Patients with advanced gastroesophageal cancer refractory to the previous regimen of chemotherapy suffered from poor prognosis without many effective treatment options. Immune checkpoint inhibitors (ICIs) provide promising efficacy, but the relevant clinical trials have offered controversial data. We performed this meta-analysis to compare the efficacy and safety of inhibitors against programmed cell death receptor 1 (PD-1) and its ligand PD-L1 versus chemotherapy as second or third-line therapy in patients with advanced gastroesophageal cancer. Six randomized controlled trials (RCTs) including 2,648 patients were included. The meta-analysis results indicated that both ORR (RR = 1.39, 95% CI: 0.85∼2.25,  = 0.188) and PFS (HR = 1.14, 95% CI: 0.88∼1.46,  = 0.316) were not significantly improved by ICIs compared with chemotherapy. However, the OS was significantly prolonged (HR = 0.85, 95% CI: 0.75–0.97,  = 0.018) in the ICIs group compared with chemotherapy. Subgroup analysis showed that ICIs provide statistically significant OS benefits over chemotherapy in PD-L1-positive, squamous cell carcinoma, Asia origin, esophageal cancer, second-line treatment, male, and aged 65 or older patients. Compared with chemotherapy, the TRAEs risk of ICIs was reduced by 33% (RR = 0.67, 95% CI: 0.62–0.73,  ≤ 0.001). And the risk of grades 3–5 of TRAEs was reduced by 60% (RR = 0.40, 95% CI: 0.33–0.49,  ≤ 0.001). Compared to chemotherapy, ICIs appeared to improve OS and were better tolerated in previously treated patients with advanced esophageal cancer. We recommend PD-1/PD-L1 inhibitors as an optimal treatment option for positive PD-L1 expression, squamous cell carcinoma, Asia origin, esophageal cancer, second-line treatment, male, and ≥65 years of age patients.

1. Introduction

Upper gastrointestinal cancer is one of the leading causes of cancer-related death in the world, with about 1.6 million new cases and 1.3 million deaths in 2018 [1]. Because of concealed incidence and rapid development, the prognosis of gastroesophageal cancer is really poor. Most of the patients tend to be diagnosed at advanced stages and lost the opportunity for operation.
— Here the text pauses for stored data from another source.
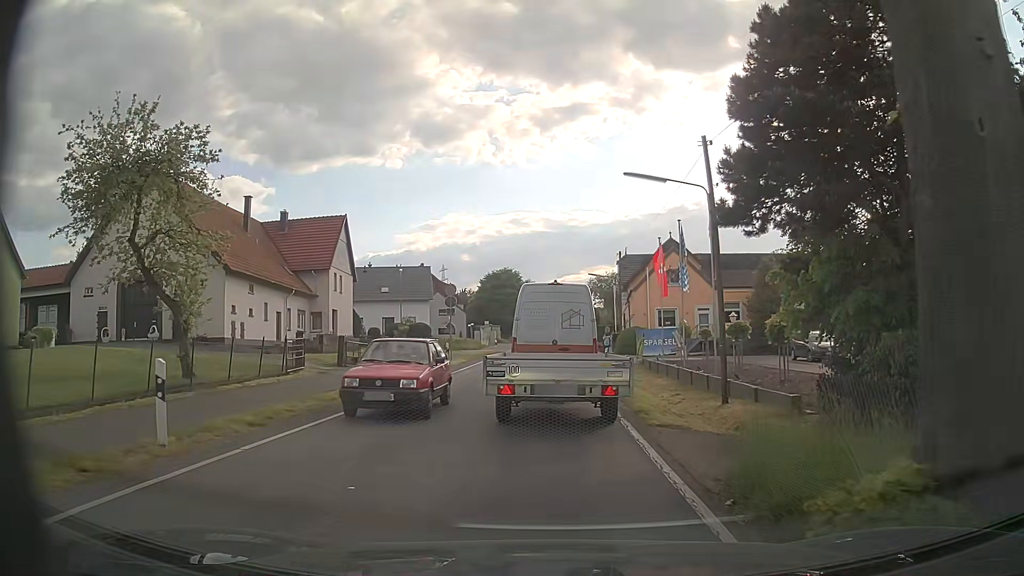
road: secondary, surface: asphalt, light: Day
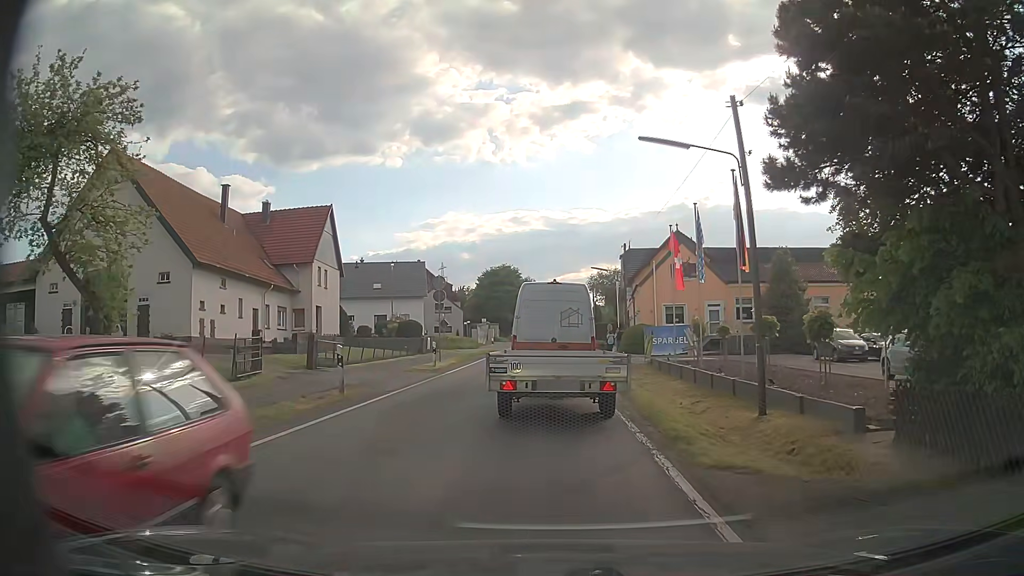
(0.0, +3.7) m; 0°
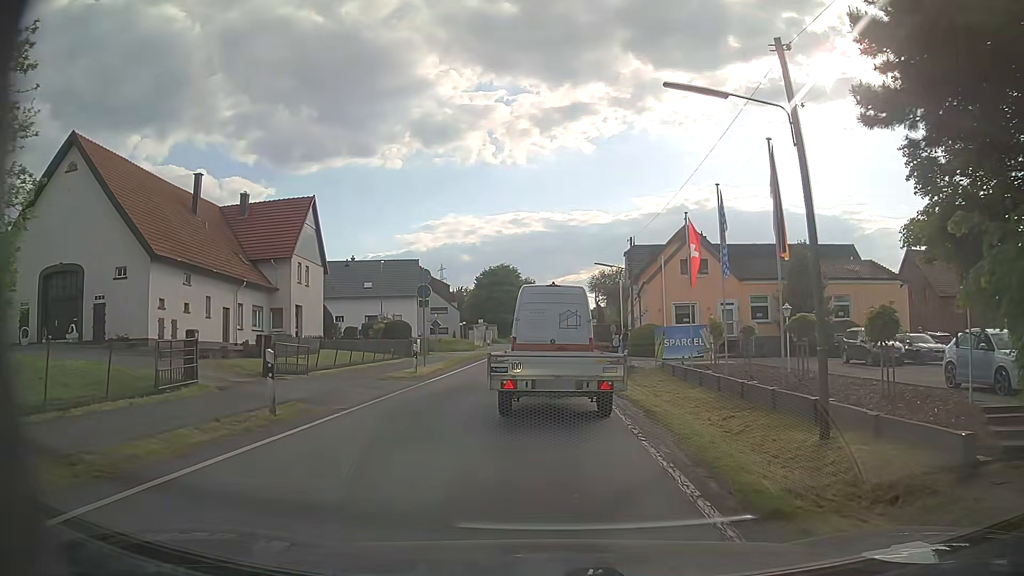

For these patients with advanced gastroesophageal cancer, combined chemotherapy based on 5-fluorouracil and platinum is the standard first-line treatment [2]. However, it is easy to develop drug resistance and result in disease progression after first-line treatment, while the efficacy of the following chemotherapy regime is not desirable with severe side effects. The patients who have failed in previous regimens are often in poor physical condition and are difficult to bear subsequent treatment. The medicines targeting epidermal growth factor receptor (EGFR), human epidermal growth factor receptor 2 (HER-2), and vascular endothelial growth factor (VEGF) showed effect on some patients, but the benefits are limited [3]. Therefore, how to improve the efficacy of patients with advanced gastroesophageal cancer refractory or intolerant to previous chemotherapy is an urgent problem. Recently, a number of clinical trials have shown that immune checkpoint inhibitors, represented by PD-1/PD-L1 inhibitors, exerted their potential in the posterior line treatment of advanced gastroesophageal cancer. However, there were still some trials without favorable outcomes. In addition, the correlation among pathological types, PD-L1 expression level, and curative effect, as well as the antitumor efficacy between ICIs and chemotherapy, is still worthy of further exploration. At present, there is still lack of meta-analysis of related randomized controlled trials. Thus, we performed this meta-analysis to integrate the efficacy, prognostic marker, and side effect of ICIs in published clinical trials of advanced esophageal cancer (EC), gastric cancer (GC), and gastroesophageal junction cancer (GEJC).

2. Materials and Methods

2.1. Search Strategy

According to the Population, Intervention, Comparison, Outcomes and Study (PICOS) design framework [4], we selected RCTs from multiple databases (PubMed, Cochrane Library, Web of Science, EMBASE, and CNKI database). The search terms included synonyms and medical subject headings (MeSH), and the Boolean operator (AND/OR) was used to combine the search words and search conditions. The two investigators searched these databases separately and screened out all the relevant literature up to October 2020. The specific search strategy is shown in Table 1.

2.2. Inclusion and Exclusion Criteria

Studies eligible for inclusion met all of the following criteria: (1) patients were clinically diagnosed as advanced EC/GC/GEJC and progressed after the failure of one or more chemotherapy regimens; (2) the trial group was treated with a single PD-1/PD-L1 inhibitor; (3) the control group was treated with chemotherapy; (4) the outcome index included clinical efficacy and survival analysis judged by RECIST criteria, and TRAEs were classified and graded; and (5) prospective RCTs.

The exclusion criteria were as follows: (1) repeated publication of data; (2) the outcome index was ambiguous or could not be merged; (3) non-RCTs.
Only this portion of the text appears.